For brokers to remain solvent, liquidation must occur if the value of the asset drops below the value of the loan.
In traditional finance, the brokerage you are working with may notify you and ask for more leverage. Or to warn you if the risk calculation is about to change. It's pretty flexible.
This is specifically a crypto problem where everything is automatic and decentralized.
These sorts of trading that isn't buy-and-hold is effectively credit with a variable concluding price. Certainly anything involving leverage is, by definition, credit.
Short selling is basically equivalent to put options. Crucially, in both cases, as the price goes up the potential loss increases, theoretically unbounded (!). The loss may be larger than the amount of money originally put down.
Thus, there are two options:
- provide collateral to the broker to indicate that you are still capable of covering the loss. If the trade goes bad, you pay up or lose the collateral. Similar to a mortgage foreclosure.
- have a sufficiently good relationship with the broker that they know you're good for unlimited losses, and are willing to take the risk that you go bankrupt and put that risk on the broker's own balance sheet.
Brokers observe that a trade which has gone sufficiently far out of the money isn't coming back, and therefore prefer to liquidate early rather than get into deep losses.

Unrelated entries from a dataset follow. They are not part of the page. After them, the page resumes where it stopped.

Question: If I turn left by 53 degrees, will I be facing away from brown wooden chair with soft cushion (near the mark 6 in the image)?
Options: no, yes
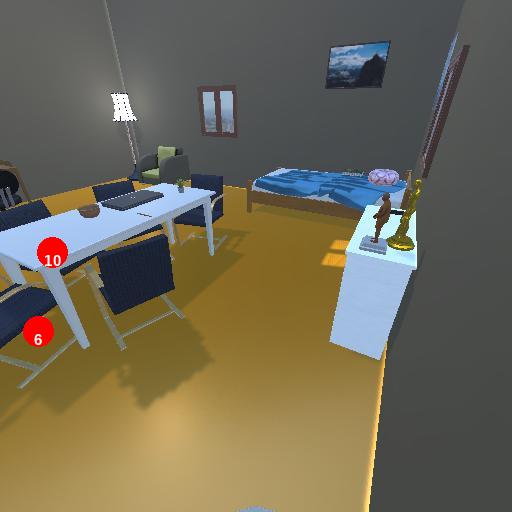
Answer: no
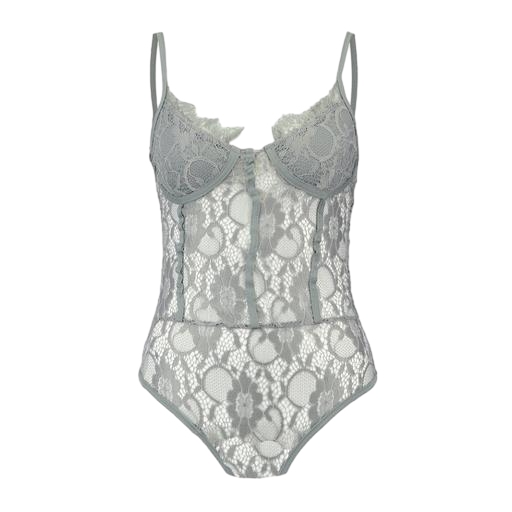
grey lace, gray lace, gray lace vest, white background
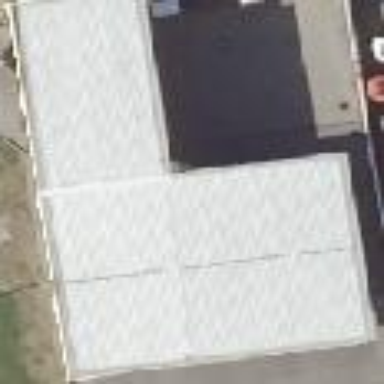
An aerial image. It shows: View of roof of building.
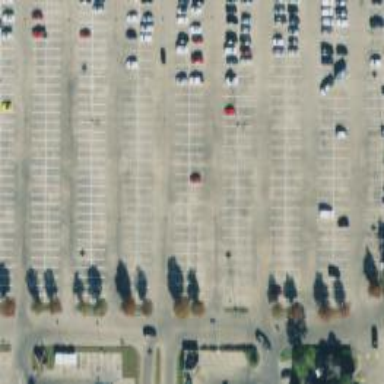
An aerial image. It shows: Parking space.
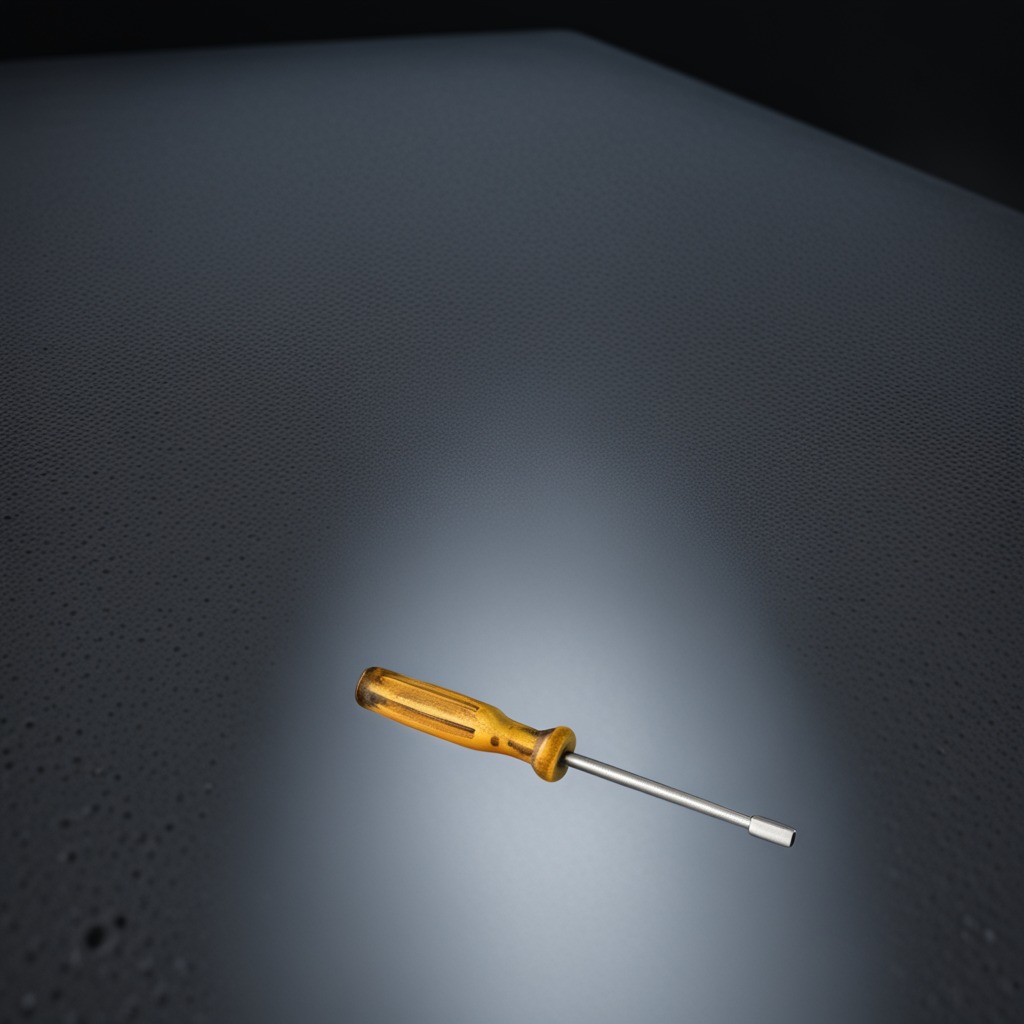
A screwdriver lying on a clean granite table inside a workshop at night dim ambient light soft shadows worn but
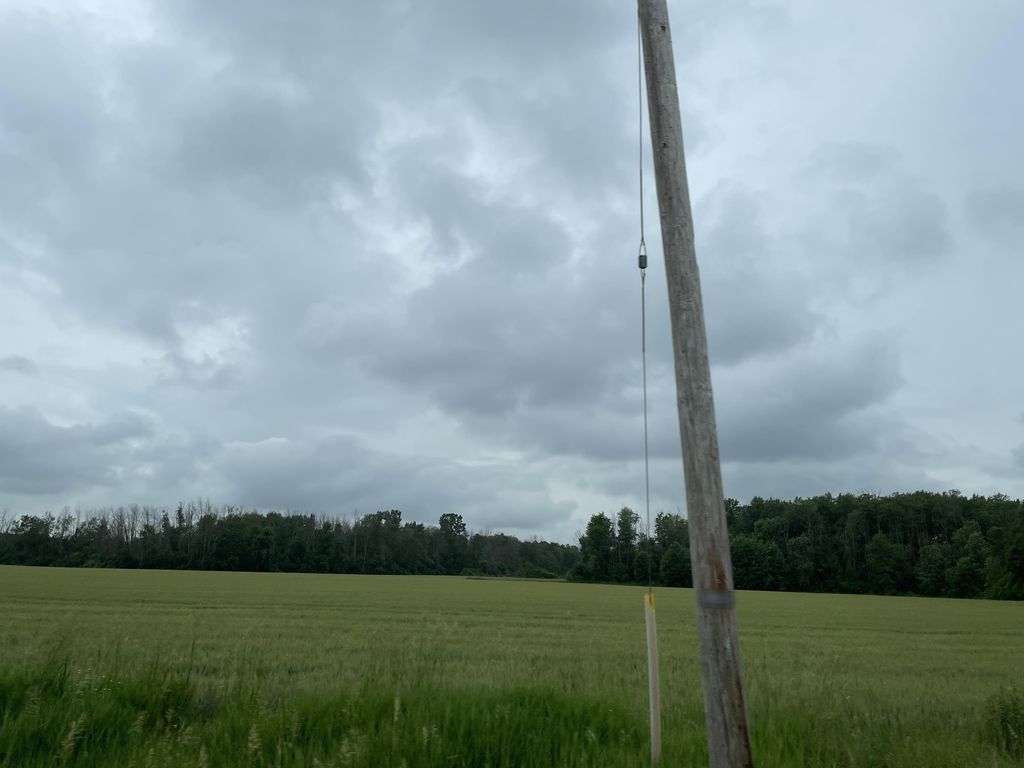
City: kitchener-waterloo
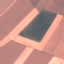
Land use / land cover class: AnnualCrop
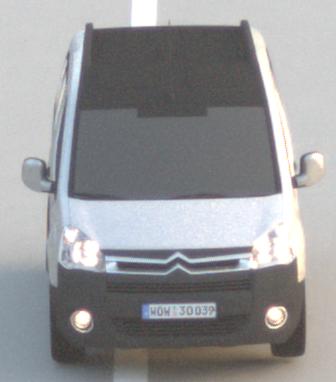
Make: Citroen
Model: Berlingo Kombi VTi 120
Detailed model: Berlingo (II) Kombi
Model produced from: 2009/12
Model produced until: 2012/03
Doors: 5
Color: white
Road condition: dry road
Daytime: sunrise or sunset
Contrast: low contrast
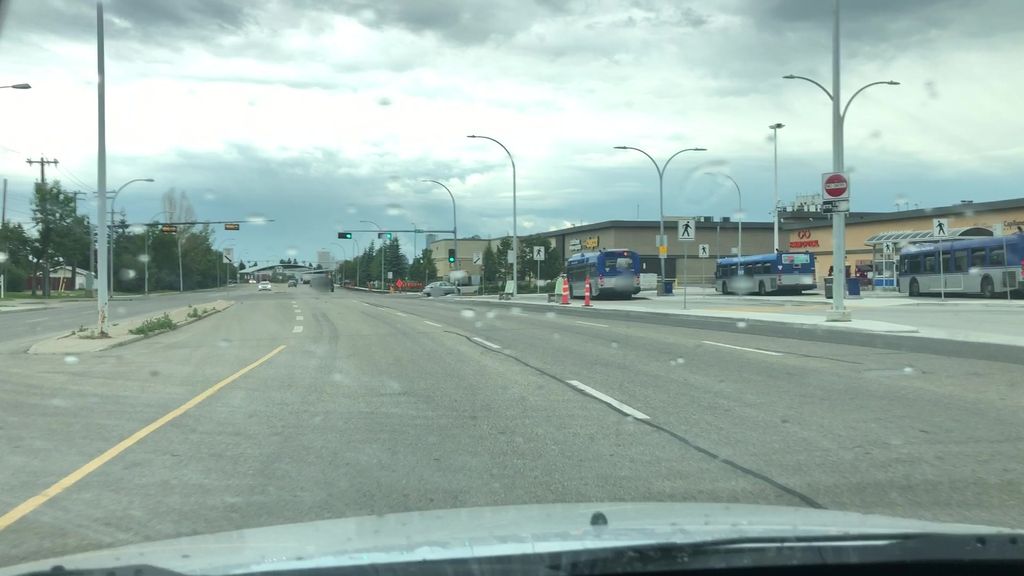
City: edmonton
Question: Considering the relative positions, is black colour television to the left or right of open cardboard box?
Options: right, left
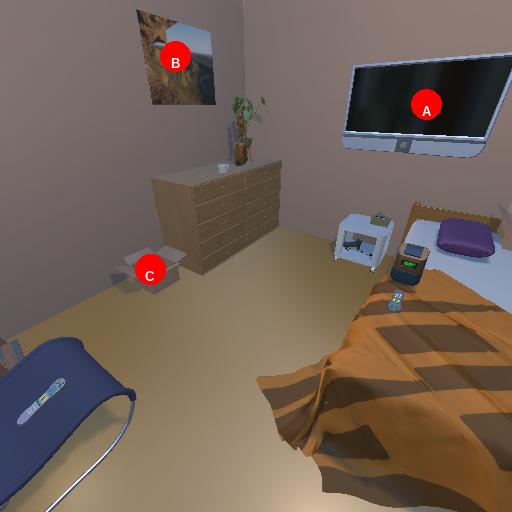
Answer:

>Short selling is basically equivalent to put options. Crucially, in both cases, as the price goes up the potential loss increases, theoretically unbounded (!).
A put option is the option to sell a stock at a certain price on a certain date. If you are buying put options, your exposure is only the cost of what you paid for those options. If the stock price rises and remains above the strike price of your put options on expiration day, your puts simply expire and become worthless. If you are selling put options your maximum exposure is the difference between the strike price and $0, as the stock cannot fall below $0.
This is distinct from short selling where you are essentially borrowing shares and you have to buy them back later at whatever the market price is. That is where your potential loss is theoretically infinite as there is no upper limit to how high the share price can go. The same can be said for selling call options (when you don't own the underlying shares, which is called selling covered calls). When you sell call options, you are essentially selling the right for someone to buy shares at a fixed price on a fixed date. If the shares soar above that price, and you don't own the underlying shares, you are forced to buy those shares at whatever the market price (which theoretically has no upper bound) is and sell them to the option holder at the fixed price of the call.
> In traditional finance, if you have borrowed money to buy some stocks, and the stocks have gone down, your broker will call you up and say “hey could you post more collateral.” Ideally you post the collateral and everything is fine. Sometimes you don’t, and your broker sells the stocks at hopefully a high enough price to pay off your loan. But sometimes you say “sorry, I can’t post any more collateral today, but I can try tomorrow,” and your broker gives you another day.
> In decentralized finance, if you have borrowed money (stablecoins) to buy some crypto, and the crypto has gone down, a robot sells your crypto at hopefully a high enough price to pay off your loan, automatically and without bothering to call you.
Because everything is "smart-contracts" and automated, there is basically no buffer between being under and over leveraged, so market swings are much rougher than in traditional finance.